Juvenile Justice “Hurts”
By Rick McDevitt
Vol. 22, No. 3, 2000 pp. 11-12
Even though the rate of juvenile crime is down, there has been a lot of discussion about the need to expand the construction of juvenile prisons. Expansion is not the answer. In fact, the current system is not reforming children, it is actually hurting them.
Last year, in the Georgia Department of Juvenile Justice, there were 4,600 inmate-on-inmate beatings and almost six-hundred staff-on-inmate beatings. Less than 10 percent of all juvenile crime is violent, yet large numbers of nonviolent offenders are in cells with murderers and rapists.

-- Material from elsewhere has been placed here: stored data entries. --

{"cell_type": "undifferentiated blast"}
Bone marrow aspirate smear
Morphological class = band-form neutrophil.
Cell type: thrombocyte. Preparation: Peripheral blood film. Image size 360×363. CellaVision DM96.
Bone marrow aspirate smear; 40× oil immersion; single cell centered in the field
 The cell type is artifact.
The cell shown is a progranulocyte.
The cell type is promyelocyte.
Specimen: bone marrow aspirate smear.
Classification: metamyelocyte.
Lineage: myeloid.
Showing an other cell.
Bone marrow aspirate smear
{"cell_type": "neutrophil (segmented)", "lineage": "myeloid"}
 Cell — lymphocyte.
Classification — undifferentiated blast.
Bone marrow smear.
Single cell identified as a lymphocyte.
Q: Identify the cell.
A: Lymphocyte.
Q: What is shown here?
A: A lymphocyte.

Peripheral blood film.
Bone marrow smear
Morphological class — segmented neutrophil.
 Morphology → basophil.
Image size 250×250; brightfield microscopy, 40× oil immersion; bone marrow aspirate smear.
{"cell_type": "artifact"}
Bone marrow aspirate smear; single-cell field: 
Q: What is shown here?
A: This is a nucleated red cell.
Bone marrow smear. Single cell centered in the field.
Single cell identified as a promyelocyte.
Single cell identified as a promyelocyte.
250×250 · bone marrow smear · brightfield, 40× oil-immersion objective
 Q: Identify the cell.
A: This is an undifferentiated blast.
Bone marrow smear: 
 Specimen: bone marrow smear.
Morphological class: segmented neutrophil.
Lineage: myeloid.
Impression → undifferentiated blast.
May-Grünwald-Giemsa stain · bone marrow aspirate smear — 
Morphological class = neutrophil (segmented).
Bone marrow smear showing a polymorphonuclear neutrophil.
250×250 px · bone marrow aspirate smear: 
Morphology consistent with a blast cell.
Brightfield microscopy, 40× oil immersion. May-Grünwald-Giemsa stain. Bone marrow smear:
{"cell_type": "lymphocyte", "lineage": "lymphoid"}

According to Georgia crime statistics, white children are arrested twice as often as African Americans, yet more than 70 percent of kids in detention are black. Crimes committed by African-American youth are not more serious; in fact, 75 percent of the children in the Georgia juvenile justice system are there for nonviolent offenses, like shoplifting, truancy, and trespassing.
Meanwhile, the state is building more prisons to provide jobs for local residents, not rehabilitation for youth. Jailed youth are not being rehabilitated. They are being raped and abused; last year in Georgia, there were more than 175 reports of sexual assault in juvenile detention centers. They are attempting suicide; there were more than 180 reports of attempted suicide. They are suffering mentally. The Mental Health Association of Georgia reports that 55 percent of incarcerated children have clinical depression and 45 percent have been diagnosed as having attention deficit/hyperactivity disorder and Georgia’s youth prisons provide little or no clinical help. They are receiving inadequate education; of the thirty-two juvenile facilities in Georgia, only one has an accredited school. They are receiving little or no medical attention and insufficient rehabilitative services. And, with all this neglect, the Department of Juvenile justice reports that it costs $40,000 a year to lock up one child.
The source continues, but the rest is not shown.